Also, on the matter of staging, no museum would agree that anything had to be done to paintings of past centuries to make them valid for today; but Bing was an advocate of “presenting masterpieces as seen through contemporary eyes”—i.e. the eyes of designer-director teams who used their skills not for the effective realization of the composer’s explicitly stated conceptions of the scenes and action of his opera, but instead for striking inventions of stagecraft embodying ideas of their own about the opera that might ignore or contradict the composer’s ideas. With Bing’s departure there was the hope that the Metropolitan would not again offer anything like the hollowed-out base of an enormous tree that was Schneider-Siemssen’s distractingly inadequate and absurd substitute for the interior of Hunding’s hut specified by Wagner as the performance area of the first act of Die Walküre: or the bullring—embodying Barrault’s idea of Carmen and José as antagonists in Spain’s erotic ritual of the bullfight—that Jacques Dupont designed in place of the square in Seville specified by Bizet as the scene of the first act of Carmen.
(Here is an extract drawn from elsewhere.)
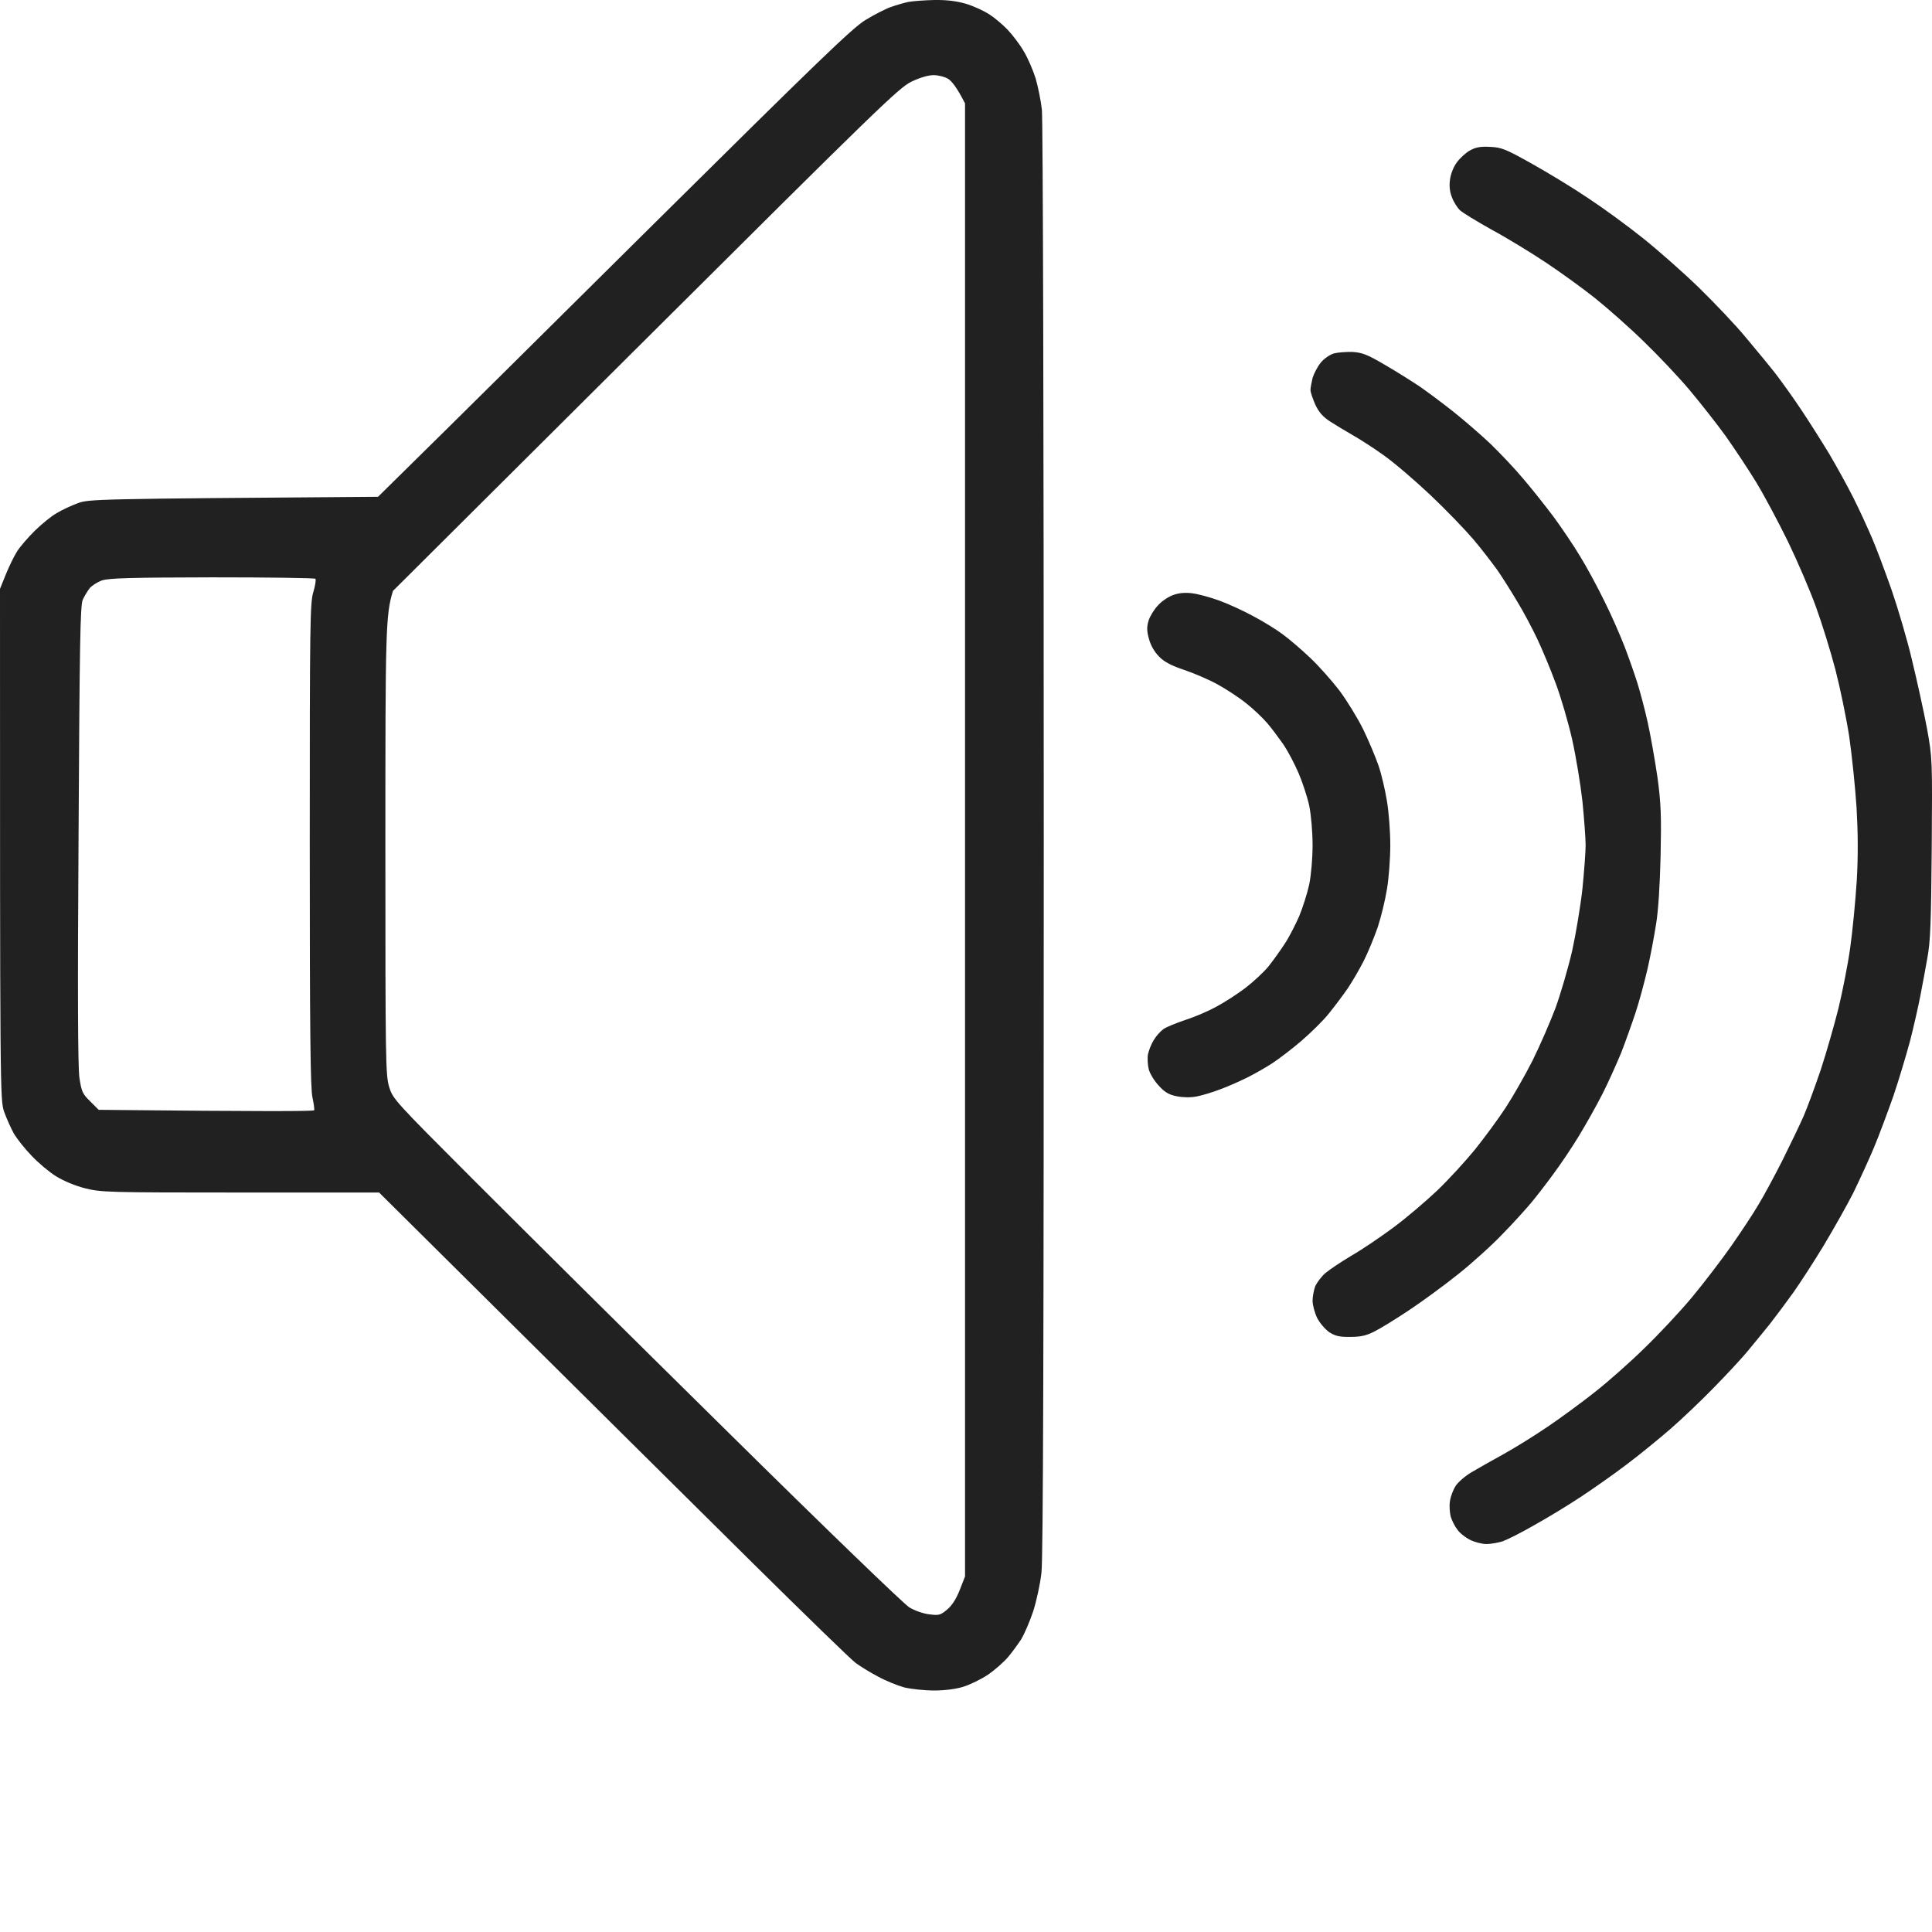 <svg width="36" height="36" viewBox="0 0 36 36" fill="none" xmlns="http://www.w3.org/2000/svg">
<path fill-rule="evenodd" clip-rule="evenodd" d="M17.414 0C17.645 -0.003 17.825 0.02 18.001 0.071C18.142 0.113 18.334 0.203 18.432 0.266C18.53 0.328 18.682 0.457 18.772 0.55C18.862 0.644 18.999 0.823 19.074 0.952C19.152 1.08 19.25 1.31 19.297 1.459C19.34 1.607 19.395 1.872 19.414 2.043C19.434 2.223 19.449 7.978 19.449 15.643C19.449 25.02 19.438 29.04 19.406 29.305C19.383 29.515 19.312 29.839 19.25 30.03C19.187 30.217 19.089 30.443 19.034 30.537C18.976 30.627 18.866 30.779 18.788 30.872C18.71 30.966 18.541 31.114 18.412 31.204C18.283 31.29 18.076 31.391 17.95 31.43C17.814 31.473 17.606 31.5 17.407 31.5C17.227 31.5 16.976 31.473 16.847 31.442C16.718 31.406 16.499 31.317 16.358 31.239C16.217 31.165 16.033 31.052 15.947 30.989C15.861 30.927 15.008 30.096 14.049 29.149C13.09 28.201 11.13 26.256 7.064 22.221H4.481C2 22.221 1.886 22.217 1.585 22.142C1.401 22.096 1.178 22.002 1.041 21.916C0.916 21.838 0.712 21.667 0.591 21.538C0.466 21.41 0.321 21.226 0.262 21.129C0.207 21.031 0.125 20.848 0.078 20.719C0 20.489 0 20.427 0 10.972L0.11 10.699C0.172 10.547 0.266 10.356 0.321 10.27C0.376 10.184 0.524 10.013 0.65 9.888C0.779 9.763 0.959 9.615 1.057 9.561C1.154 9.502 1.331 9.42 1.448 9.377C1.655 9.299 1.761 9.296 7.044 9.257L7.756 8.555C8.151 8.169 10.128 6.211 12.151 4.203C15.231 1.151 15.876 0.527 16.123 0.375C16.283 0.277 16.495 0.168 16.593 0.133C16.69 0.098 16.839 0.055 16.925 0.036C17.011 0.02 17.23 0.004 17.414 0ZM12.026 6.328L7.322 11.011C7.185 11.463 7.181 11.736 7.181 15.748C7.181 19.78 7.185 20.029 7.251 20.252C7.322 20.482 7.357 20.517 8.817 21.979C9.639 22.802 11.764 24.911 13.54 26.661C15.348 28.447 16.847 29.894 16.945 29.952C17.043 30.011 17.207 30.069 17.317 30.081C17.497 30.104 17.524 30.096 17.649 29.991C17.739 29.917 17.821 29.788 17.884 29.625L17.982 29.375V1.927C17.829 1.626 17.731 1.509 17.669 1.47C17.606 1.431 17.481 1.4 17.395 1.4C17.297 1.4 17.14 1.447 16.984 1.521C16.749 1.634 16.342 2.032 12.026 6.328ZM1.671 10.96C1.632 11.011 1.573 11.108 1.542 11.175C1.495 11.284 1.483 11.982 1.464 15.542C1.444 18.54 1.452 19.869 1.479 20.076C1.518 20.341 1.538 20.384 1.683 20.524L1.839 20.68C4.939 20.712 5.847 20.708 5.854 20.688C5.862 20.673 5.847 20.567 5.823 20.454C5.784 20.298 5.772 19.214 5.772 15.748C5.772 11.647 5.776 11.226 5.839 11.03C5.874 10.914 5.89 10.804 5.878 10.785C5.862 10.769 4.997 10.758 3.952 10.758C2.407 10.761 2.027 10.773 1.898 10.816C1.812 10.847 1.71 10.914 1.671 10.96ZM27.765 2.737C27.976 2.745 28.055 2.776 28.548 3.053C28.849 3.221 29.323 3.509 29.6 3.697C29.878 3.88 30.336 4.215 30.618 4.441C30.9 4.667 31.365 5.077 31.655 5.358C31.941 5.638 32.34 6.055 32.535 6.293C32.735 6.531 32.986 6.835 33.095 6.976C33.201 7.116 33.416 7.412 33.565 7.638C33.717 7.865 33.948 8.231 34.085 8.457C34.218 8.683 34.422 9.05 34.535 9.276C34.649 9.502 34.805 9.845 34.887 10.036C34.969 10.227 35.13 10.66 35.247 10.992C35.361 11.323 35.537 11.912 35.627 12.298C35.721 12.684 35.846 13.253 35.905 13.565C36.007 14.13 36.007 14.134 35.995 15.807C35.983 17.199 35.971 17.546 35.913 17.854C35.877 18.056 35.819 18.372 35.783 18.555C35.748 18.739 35.662 19.117 35.592 19.394C35.517 19.671 35.377 20.139 35.279 20.427C35.177 20.715 35.017 21.148 34.919 21.382C34.821 21.616 34.645 21.998 34.531 22.232C34.414 22.462 34.167 22.899 33.983 23.207C33.799 23.511 33.545 23.901 33.424 24.073C33.302 24.244 33.099 24.517 32.974 24.677C32.845 24.837 32.649 25.075 32.543 25.203C32.434 25.332 32.16 25.628 31.933 25.858C31.706 26.092 31.346 26.435 31.131 26.622C30.915 26.81 30.547 27.11 30.309 27.289C30.074 27.468 29.686 27.741 29.448 27.897C29.213 28.053 28.826 28.287 28.587 28.42C28.352 28.556 28.086 28.689 28 28.72C27.914 28.747 27.777 28.771 27.698 28.771C27.616 28.771 27.479 28.736 27.393 28.693C27.307 28.65 27.202 28.568 27.159 28.506C27.111 28.447 27.057 28.338 27.033 28.264C27.014 28.19 27.002 28.057 27.018 27.971C27.029 27.886 27.08 27.753 27.127 27.683C27.178 27.609 27.315 27.492 27.432 27.426C27.55 27.355 27.816 27.207 28.019 27.094C28.223 26.981 28.595 26.751 28.841 26.583C29.088 26.416 29.487 26.123 29.722 25.936C29.96 25.749 30.371 25.387 30.637 25.125C30.904 24.868 31.307 24.439 31.53 24.17C31.753 23.901 32.081 23.472 32.261 23.215C32.441 22.957 32.669 22.614 32.762 22.454C32.86 22.295 33.064 21.916 33.216 21.616C33.365 21.316 33.541 20.95 33.608 20.797C33.674 20.645 33.815 20.263 33.925 19.94C34.03 19.62 34.179 19.101 34.257 18.789C34.332 18.477 34.433 17.971 34.476 17.659C34.52 17.347 34.574 16.785 34.598 16.411C34.625 15.939 34.621 15.518 34.594 15.046C34.57 14.672 34.508 14.076 34.457 13.721C34.402 13.366 34.285 12.805 34.199 12.473C34.112 12.142 33.952 11.623 33.843 11.323C33.737 11.023 33.498 10.469 33.318 10.095C33.134 9.72 32.868 9.221 32.723 8.984C32.578 8.746 32.324 8.364 32.156 8.126C31.984 7.888 31.682 7.506 31.483 7.268C31.283 7.03 30.904 6.629 30.637 6.371C30.371 6.11 29.96 5.747 29.722 5.556C29.487 5.369 29.072 5.069 28.802 4.89C28.532 4.71 28.086 4.437 27.804 4.285C27.526 4.129 27.256 3.966 27.206 3.919C27.159 3.876 27.088 3.767 27.057 3.681C27.014 3.58 27.002 3.467 27.018 3.35C27.029 3.252 27.084 3.108 27.143 3.03C27.202 2.948 27.311 2.847 27.389 2.804C27.495 2.745 27.585 2.726 27.765 2.737ZM25.202 6.558C25.386 6.57 25.476 6.605 25.808 6.8C26.024 6.925 26.313 7.108 26.454 7.202C26.595 7.299 26.877 7.51 27.08 7.67C27.284 7.833 27.601 8.106 27.781 8.278C27.961 8.453 28.235 8.742 28.387 8.925C28.544 9.108 28.794 9.424 28.947 9.627C29.096 9.83 29.323 10.165 29.444 10.368C29.569 10.57 29.773 10.949 29.898 11.206C30.027 11.463 30.191 11.841 30.27 12.044C30.348 12.247 30.453 12.547 30.504 12.707C30.555 12.867 30.645 13.202 30.7 13.448C30.755 13.694 30.837 14.161 30.884 14.481C30.951 14.972 30.958 15.202 30.943 15.943C30.931 16.477 30.9 16.98 30.857 17.23C30.821 17.456 30.751 17.834 30.696 18.068C30.641 18.302 30.544 18.665 30.477 18.867C30.41 19.07 30.289 19.409 30.207 19.62C30.121 19.827 29.968 20.17 29.863 20.376C29.757 20.587 29.557 20.942 29.42 21.168C29.283 21.394 29.064 21.718 28.935 21.889C28.81 22.061 28.626 22.299 28.528 22.416C28.43 22.532 28.195 22.794 28 22.992C27.808 23.195 27.436 23.531 27.178 23.737C26.92 23.944 26.505 24.248 26.258 24.412C26.012 24.576 25.722 24.755 25.613 24.809C25.46 24.887 25.358 24.911 25.163 24.911C24.963 24.915 24.881 24.895 24.771 24.825C24.697 24.774 24.595 24.657 24.544 24.56C24.497 24.462 24.458 24.318 24.458 24.236C24.458 24.158 24.482 24.034 24.509 23.963C24.541 23.897 24.623 23.784 24.697 23.722C24.771 23.659 24.991 23.511 25.182 23.398C25.378 23.285 25.73 23.047 25.965 22.872C26.204 22.696 26.568 22.384 26.783 22.181C26.994 21.979 27.307 21.636 27.483 21.421C27.655 21.207 27.914 20.856 28.055 20.641C28.195 20.427 28.419 20.033 28.556 19.764C28.689 19.495 28.88 19.058 28.982 18.789C29.08 18.52 29.221 18.037 29.295 17.717C29.366 17.394 29.452 16.875 29.487 16.555C29.518 16.239 29.546 15.877 29.546 15.748C29.546 15.62 29.518 15.257 29.487 14.937C29.452 14.621 29.366 14.099 29.295 13.779C29.221 13.456 29.084 12.984 28.986 12.727C28.892 12.469 28.736 12.099 28.646 11.908C28.556 11.717 28.387 11.397 28.27 11.206C28.156 11.015 27.988 10.746 27.894 10.613C27.8 10.485 27.605 10.227 27.452 10.048C27.303 9.873 26.943 9.498 26.65 9.221C26.36 8.948 25.965 8.609 25.769 8.473C25.578 8.336 25.315 8.169 25.19 8.099C25.065 8.028 24.881 7.915 24.783 7.853C24.65 7.767 24.576 7.681 24.509 7.541C24.462 7.432 24.419 7.311 24.419 7.268C24.419 7.225 24.439 7.124 24.458 7.042C24.482 6.964 24.548 6.835 24.607 6.761C24.67 6.683 24.779 6.609 24.854 6.586C24.928 6.566 25.084 6.555 25.202 6.558ZM22.208 11.054C22.318 11.066 22.545 11.128 22.717 11.19C22.889 11.253 23.179 11.385 23.363 11.487C23.547 11.584 23.793 11.736 23.91 11.826C24.028 11.912 24.255 12.107 24.415 12.259C24.572 12.407 24.814 12.68 24.955 12.863C25.092 13.046 25.292 13.37 25.398 13.584C25.503 13.799 25.632 14.107 25.687 14.267C25.742 14.427 25.812 14.727 25.844 14.93C25.879 15.132 25.906 15.503 25.906 15.748C25.906 15.994 25.879 16.364 25.844 16.567C25.812 16.77 25.734 17.09 25.671 17.28C25.605 17.468 25.491 17.748 25.413 17.901C25.335 18.056 25.198 18.29 25.112 18.419C25.022 18.548 24.865 18.758 24.76 18.887C24.658 19.016 24.427 19.242 24.251 19.394C24.075 19.546 23.832 19.729 23.715 19.807C23.597 19.885 23.386 20.006 23.245 20.076C23.104 20.146 22.877 20.248 22.736 20.298C22.596 20.353 22.4 20.411 22.298 20.431C22.181 20.454 22.04 20.45 21.926 20.427C21.785 20.4 21.703 20.353 21.594 20.232C21.512 20.146 21.429 20.01 21.406 19.928C21.386 19.85 21.378 19.721 21.39 19.647C21.406 19.573 21.453 19.452 21.5 19.378C21.543 19.304 21.625 19.214 21.68 19.175C21.735 19.136 21.919 19.062 22.091 19.004C22.263 18.949 22.517 18.84 22.658 18.762C22.799 18.688 23.042 18.532 23.198 18.415C23.351 18.298 23.554 18.111 23.644 17.998C23.73 17.889 23.867 17.698 23.942 17.581C24.02 17.464 24.137 17.234 24.208 17.074C24.274 16.914 24.36 16.645 24.396 16.477C24.431 16.306 24.458 15.994 24.458 15.748C24.458 15.503 24.431 15.191 24.396 15.015C24.36 14.851 24.27 14.575 24.196 14.403C24.122 14.232 23.997 13.994 23.918 13.877C23.836 13.76 23.703 13.58 23.617 13.479C23.531 13.378 23.355 13.21 23.226 13.109C23.096 13.003 22.858 12.847 22.697 12.758C22.537 12.668 22.255 12.547 22.071 12.485C21.836 12.407 21.699 12.337 21.602 12.239C21.512 12.149 21.445 12.033 21.41 11.908C21.367 11.756 21.367 11.682 21.402 11.565C21.425 11.487 21.504 11.358 21.574 11.284C21.641 11.206 21.77 11.12 21.856 11.089C21.958 11.05 22.079 11.038 22.208 11.054Z" fill="#212121"/>
</svg>

However, that hope was disappointed by the very first offering of the new regime in the fall of 1972—the new production of Carmen planned by Gentele (himself a stage director) with the designer Josef Svoboda, and staged after Gentele’s death by Bodo Igesz. It was announced as a restoration of Bizet’s work that replaced the recitatives added by Guiraud with the original spoken dialogue, and reinstated some of the music that had been omitted ever since the first performance. But instead of restoring the crowded, colorful square in Seville that Bizet specified for the first act, Svoboda perversely placed the act in what was in every detail the opposite of such a square: a bare court yard, enclosed on one side by a severely plain guard house, on the other side by an even more severe windowless wall, and in the center by an iron picket fence with a locked gate, which kept out the passersby referred to in the guards’ opening chorus—this being only the first of its disservices to the action. Also some of the restored dialogue was cut—in particular the very first exchange of Carmen and José, whose removal was part of the idea of their first encounter that Gentele substituted for Bizet’s. As Bizet has it, Carmen is piqued by José’s ignoring her and working at his chain while she sings the Habanera, and at its conclusion jars him out of his indifference with her provocative words and her throwing her flower at him As Gentele changed it, José, at his first sight of Carmen when she entered, stood transfixed, a doomed man, and continued to stand motionless throughout her Habanera; and as she approached him at its conclusion the stage was darkened except for the spotlights on the two doomed characters who stood confronting each other in silence, until Carmen threw the flower and burst into mocking laughter as she ran away. Gentele’s contrivance was dramatically effective; but so is Bizet’s; and Carmen is his opera,not Gentele’s.
It was in I Vespri Siciliani, a year later, that Svoboda revealed the full measure of the damage his obsessive idiosyncratic invention could inflict on an opera. I Vespri, written for the Paris Opera, was Verdi’s version of the large-scale, opulently spectacular grand operas that were presented there. But for this work Svoboda decided on a color scheme for scenery and costumes limited to black and gray, and on scenery limited to the enormous staircase he sees in almost every opera he designs—in this instance a staircase which, flanked by building walls, could be accepted as a street rising from the square in Palermo in the first scene, but could not suggest what Verdi specifies in the scenes that follow: a valley leading to the sea, the study in Monforte’s palace, the palace’s ballroom, its gardens. (The study was completely bare, with not even a chair for Monforte to sit on.)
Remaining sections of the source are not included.